Print every record below exactly, minus the pictures.
*** Dataset content Section Begins ***
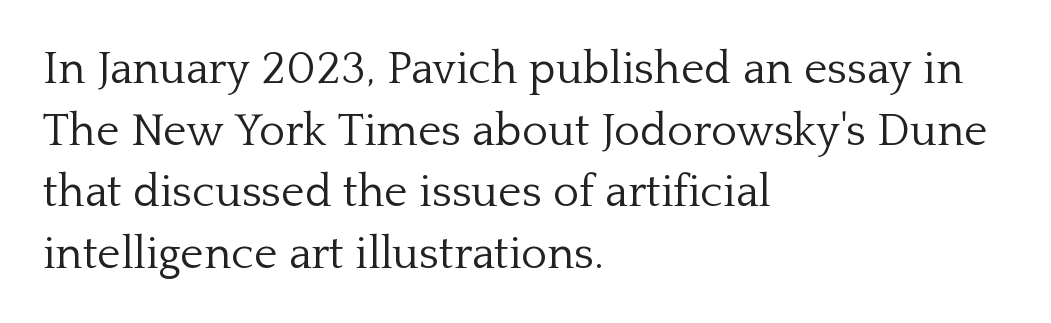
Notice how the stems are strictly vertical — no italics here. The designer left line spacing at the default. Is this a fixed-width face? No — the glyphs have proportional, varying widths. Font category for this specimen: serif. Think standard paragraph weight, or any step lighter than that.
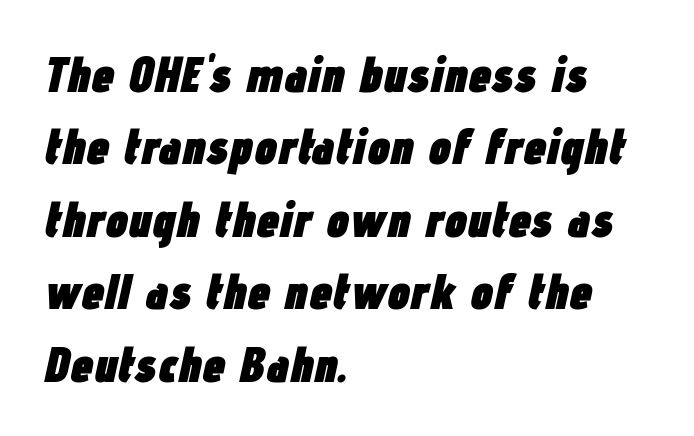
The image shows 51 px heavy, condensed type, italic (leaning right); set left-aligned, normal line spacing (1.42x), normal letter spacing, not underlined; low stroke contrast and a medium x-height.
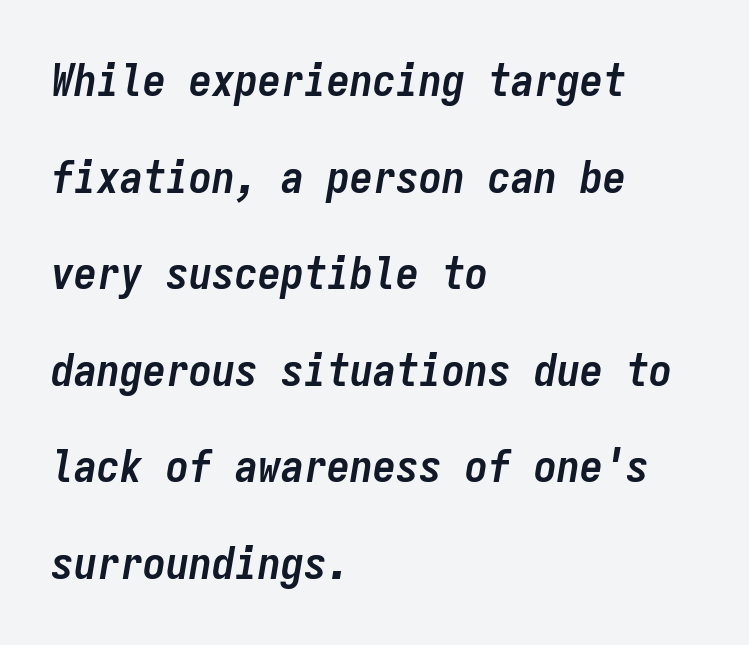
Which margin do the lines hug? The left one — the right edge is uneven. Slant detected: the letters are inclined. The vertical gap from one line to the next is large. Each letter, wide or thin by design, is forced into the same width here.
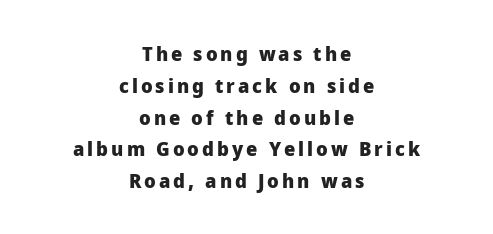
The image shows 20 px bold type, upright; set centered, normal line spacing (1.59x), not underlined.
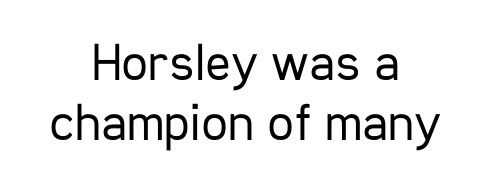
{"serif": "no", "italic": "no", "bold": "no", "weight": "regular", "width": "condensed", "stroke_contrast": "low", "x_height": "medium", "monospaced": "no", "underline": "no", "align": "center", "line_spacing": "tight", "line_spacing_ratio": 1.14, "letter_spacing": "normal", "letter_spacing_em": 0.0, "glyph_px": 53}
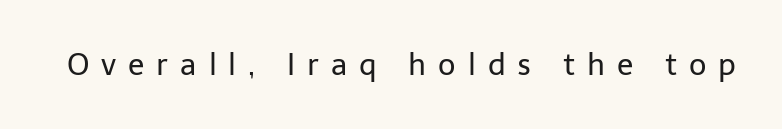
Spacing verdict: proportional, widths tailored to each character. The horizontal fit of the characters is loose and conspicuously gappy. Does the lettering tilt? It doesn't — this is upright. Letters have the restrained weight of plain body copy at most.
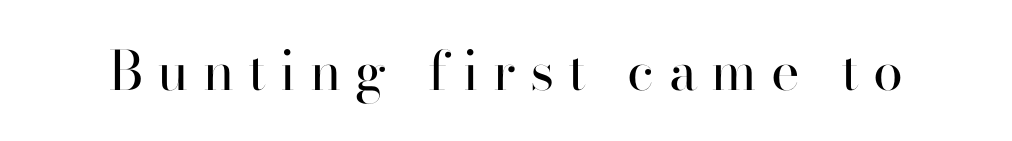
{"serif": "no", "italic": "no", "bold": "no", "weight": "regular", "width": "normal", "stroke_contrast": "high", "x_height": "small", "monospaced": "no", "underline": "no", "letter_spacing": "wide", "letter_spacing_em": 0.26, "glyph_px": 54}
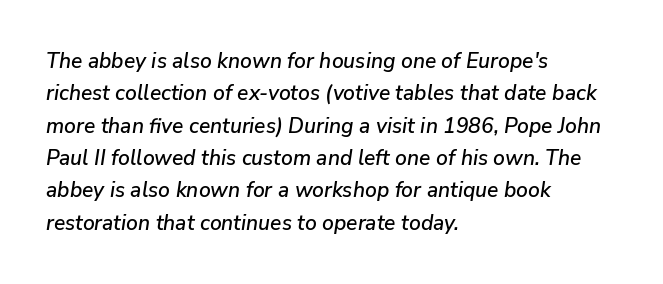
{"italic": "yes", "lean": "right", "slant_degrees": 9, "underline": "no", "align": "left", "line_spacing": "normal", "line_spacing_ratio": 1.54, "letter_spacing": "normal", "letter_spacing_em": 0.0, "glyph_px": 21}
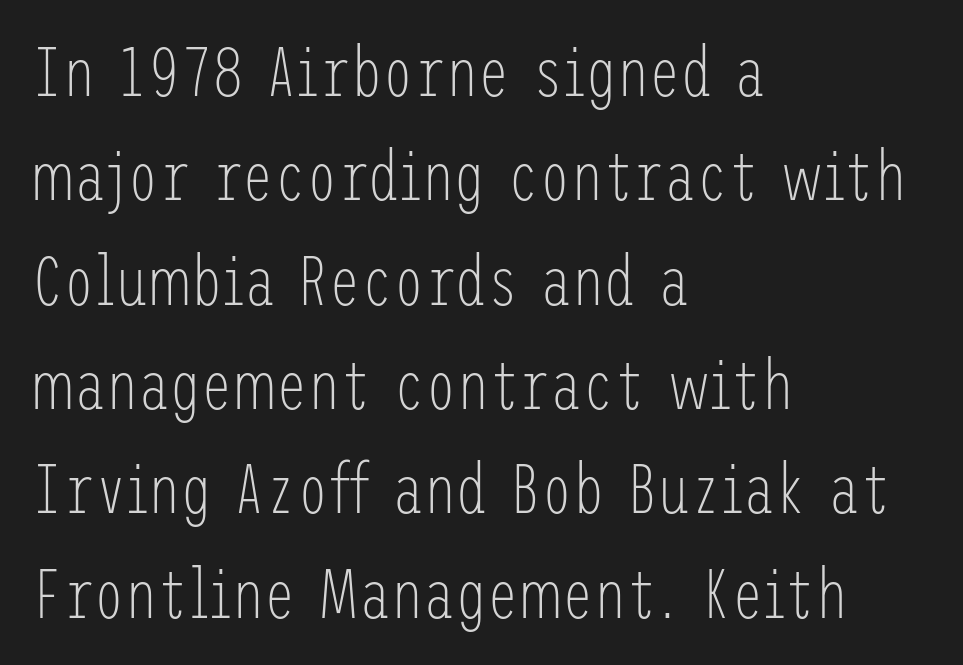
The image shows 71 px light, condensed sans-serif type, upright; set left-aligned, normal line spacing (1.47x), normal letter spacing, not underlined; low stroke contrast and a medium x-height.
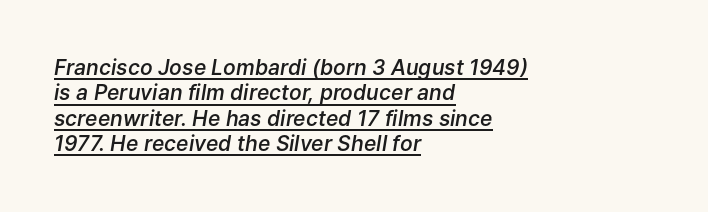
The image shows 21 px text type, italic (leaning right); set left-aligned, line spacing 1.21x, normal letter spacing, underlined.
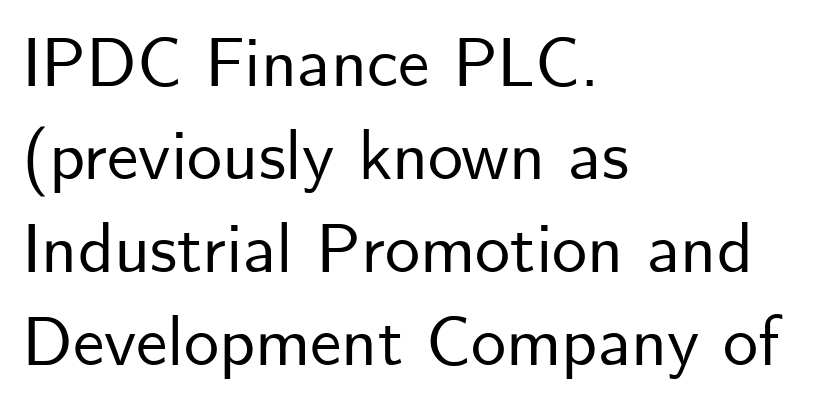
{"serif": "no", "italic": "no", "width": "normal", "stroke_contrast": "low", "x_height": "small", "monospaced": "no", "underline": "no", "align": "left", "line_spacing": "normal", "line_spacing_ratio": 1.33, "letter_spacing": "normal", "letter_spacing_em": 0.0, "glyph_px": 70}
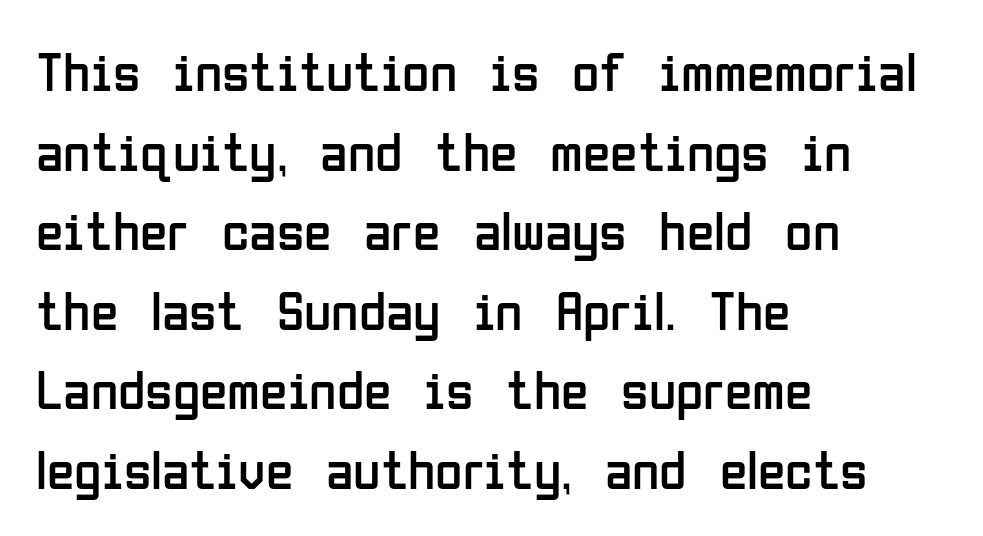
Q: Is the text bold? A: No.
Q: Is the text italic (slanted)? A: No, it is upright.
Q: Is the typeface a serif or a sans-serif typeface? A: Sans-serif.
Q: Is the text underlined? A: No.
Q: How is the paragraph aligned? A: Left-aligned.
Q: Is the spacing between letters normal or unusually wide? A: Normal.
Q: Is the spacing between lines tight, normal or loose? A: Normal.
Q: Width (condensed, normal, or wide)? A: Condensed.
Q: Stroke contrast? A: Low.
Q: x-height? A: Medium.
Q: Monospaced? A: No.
*** Dataset content Section Ends ***
*Task answer:*
Notice how the stems are strictly vertical — no italics here. The designer left line spacing at the default. Is this a fixed-width face? No — the glyphs have proportional, varying widths. Font category for this specimen: serif. Think standard paragraph weight, or any step lighter than that.
The image shows 51 px heavy, condensed type, italic (leaning right); set left-aligned, normal line spacing (1.42x), normal letter spacing, not underlined; low stroke contrast and a medium x-height.
Which margin do the lines hug? The left one — the right edge is uneven. Slant detected: the letters are inclined. The vertical gap from one line to the next is large. Each letter, wide or thin by design, is forced into the same width here.
The image shows 20 px bold type, upright; set centered, normal line spacing (1.59x), not underlined.
{"serif": "no", "italic": "no", "bold": "no", "weight": "regular", "width": "condensed", "stroke_contrast": "low", "x_height": "medium", "monospaced": "no", "underline": "no", "align": "center", "line_spacing": "tight", "line_spacing_ratio": 1.14, "letter_spacing": "normal", "letter_spacing_em": 0.0, "glyph_px": 53}
Spacing verdict: proportional, widths tailored to each character. The horizontal fit of the characters is loose and conspicuously gappy. Does the lettering tilt? It doesn't — this is upright. Letters have the restrained weight of plain body copy at most.
{"serif": "no", "italic": "no", "bold": "no", "weight": "regular", "width": "normal", "stroke_contrast": "high", "x_height": "small", "monospaced": "no", "underline": "no", "letter_spacing": "wide", "letter_spacing_em": 0.26, "glyph_px": 54}
{"italic": "yes", "lean": "right", "slant_degrees": 9, "underline": "no", "align": "left", "line_spacing": "normal", "line_spacing_ratio": 1.54, "letter_spacing": "normal", "letter_spacing_em": 0.0, "glyph_px": 21}
The image shows 71 px light, condensed sans-serif type, upright; set left-aligned, normal line spacing (1.47x), normal letter spacing, not underlined; low stroke contrast and a medium x-height.
The image shows 21 px text type, italic (leaning right); set left-aligned, line spacing 1.21x, normal letter spacing, underlined.
{"serif": "no", "italic": "no", "width": "normal", "stroke_contrast": "low", "x_height": "small", "monospaced": "no", "underline": "no", "align": "left", "line_spacing": "normal", "line_spacing_ratio": 1.33, "letter_spacing": "normal", "letter_spacing_em": 0.0, "glyph_px": 70}
Q: Is the text bold? A: No.
Q: Is the text italic (slanted)? A: No, it is upright.
Q: Is the typeface a serif or a sans-serif typeface? A: Sans-serif.
Q: Is the text underlined? A: No.
Q: How is the paragraph aligned? A: Left-aligned.
Q: Is the spacing between letters normal or unusually wide? A: Normal.
Q: Is the spacing between lines tight, normal or loose? A: Normal.
Q: Width (condensed, normal, or wide)? A: Condensed.
Q: Stroke contrast? A: Low.
Q: x-height? A: Medium.
Q: Monospaced? A: No.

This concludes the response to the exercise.